Anybody ever use or buy a wood lathe from Harbor freight? I seen one for around 90 bucks there.......... I make floats for steelheading and thee occasional musky bait, so was thinking this would be good enough.... Any info would be appreciated! If any recommendations on a good lathe for reasonable price would be good too............ Thanks


----------



## muskyhound (Jan 22, 2011)

can't comment on the harbor freight one, I have a craftsman with a duplicator attachment which is nice for making baits, if you buy the harbor one make sure you look into the duplicator if you plan on making the baits consistant. $90 bucks I wouldnt expect much...


----------



## backlashed (Mar 19, 2011)

I haven't seen a machine from harbor freight that I would take if you gave to me, JMHO. 

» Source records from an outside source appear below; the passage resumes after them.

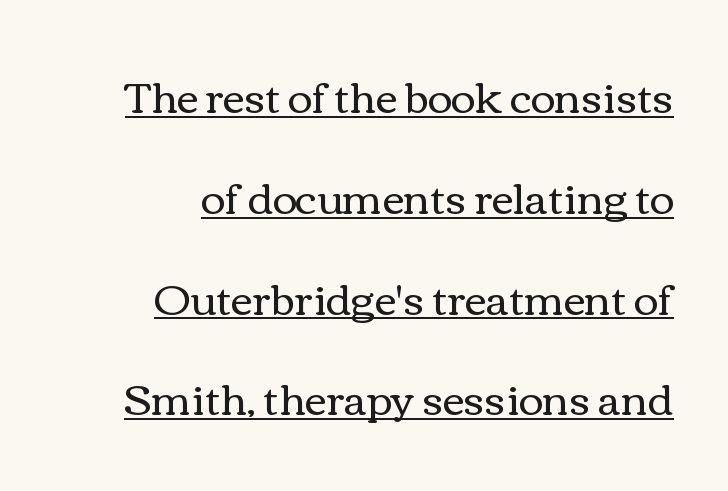
The image shows 42 px regular-weight, wide type, upright; set right-aligned, loose line spacing (2.4x), normal letter spacing, underlined; medium stroke contrast and a medium x-height.
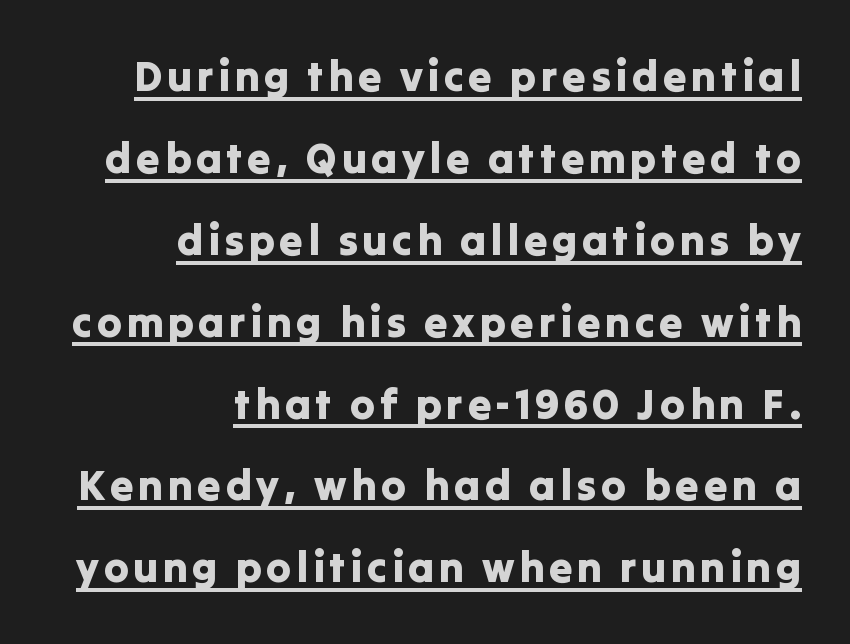
The image shows 42 px sans-serif type, upright; set right-aligned, loose line spacing (1.95x), underlined; low stroke contrast and a medium x-height.
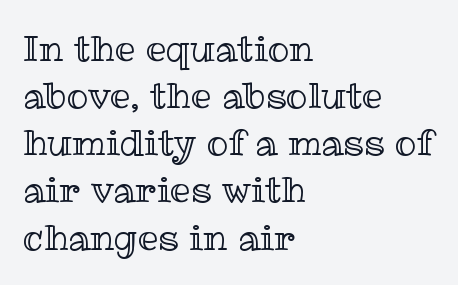
The image shows 36 px text type, upright; set left-aligned, normal line spacing (1.31x), normal letter spacing, not underlined; a medium x-height.
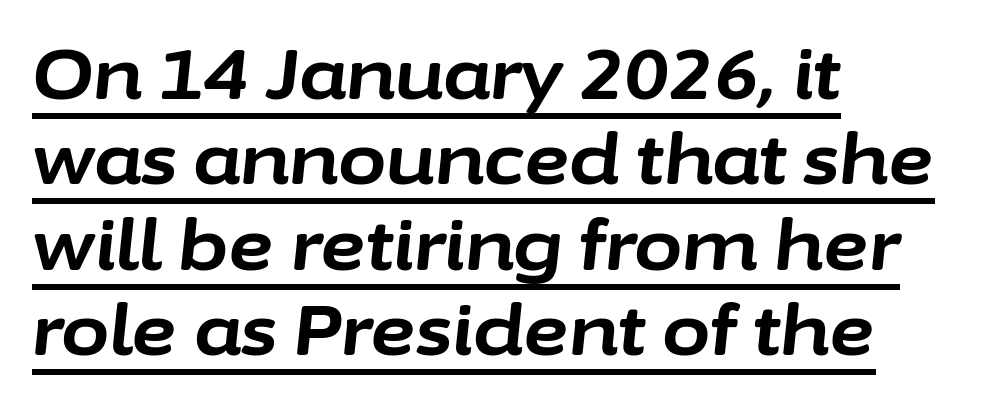
The image shows 70 px bold type, italic (leaning right); set left-aligned, line spacing 1.22x, normal letter spacing, underlined; low stroke contrast and a medium x-height.

Look into a pen lathe from pennstateind.com . We used them hard with the kids at school starting 12 years ago and they take kid abuse pretty well. They use a mandrel for many of their kits, perfect for a float I bet. Santa is going to bring me one for Christmas this year. 

This is a new one they have but I have no experience with it. Should be great with floats and lures. Penn Pal

You could also look into a midi lathe, but they seem pretty expensive for what you are getting.


----------



## socdad (Jul 25, 2005)

I have a small jet I picked up from a fellow OGF member. A pretty good discussion about the HF lathe (as well as others) can be found at &#8230; http://www.penturners.org/forum/f30/looking-lathe-109440/index5.html
This is a pen turning website but pretty good general info.

Jeff


----------



## "Big" mark the shark (Jan 21, 2010)

phishyone1 said:


> Anybody ever use or buy a wood lathe from Harbor freight? I seen one for around 90 bucks there.......... I make floats for steelheading and thee occasional musky bait, so was thinking this would be good enough.... Any info would be appreciated! If any recommendations on a good lathe for reasonable price would be good too............ Thanks


I started on a Harbor freight and there ok not the greatest but it did what 
I wanted it to do. And thats make poppers and some floats.One thing I would recommend is to buy some carbide tipped tools for turning.
This was done on a Harbor freight lathe.


----------



## BigFoot158 (Jan 14, 2012)

I have seen the utube videos and it seems like some have problems and other learn to overcome them.


----------



## phishyone1 (Jun 27, 2008)

Thanks for all the replies......... I appreciate it guys


----------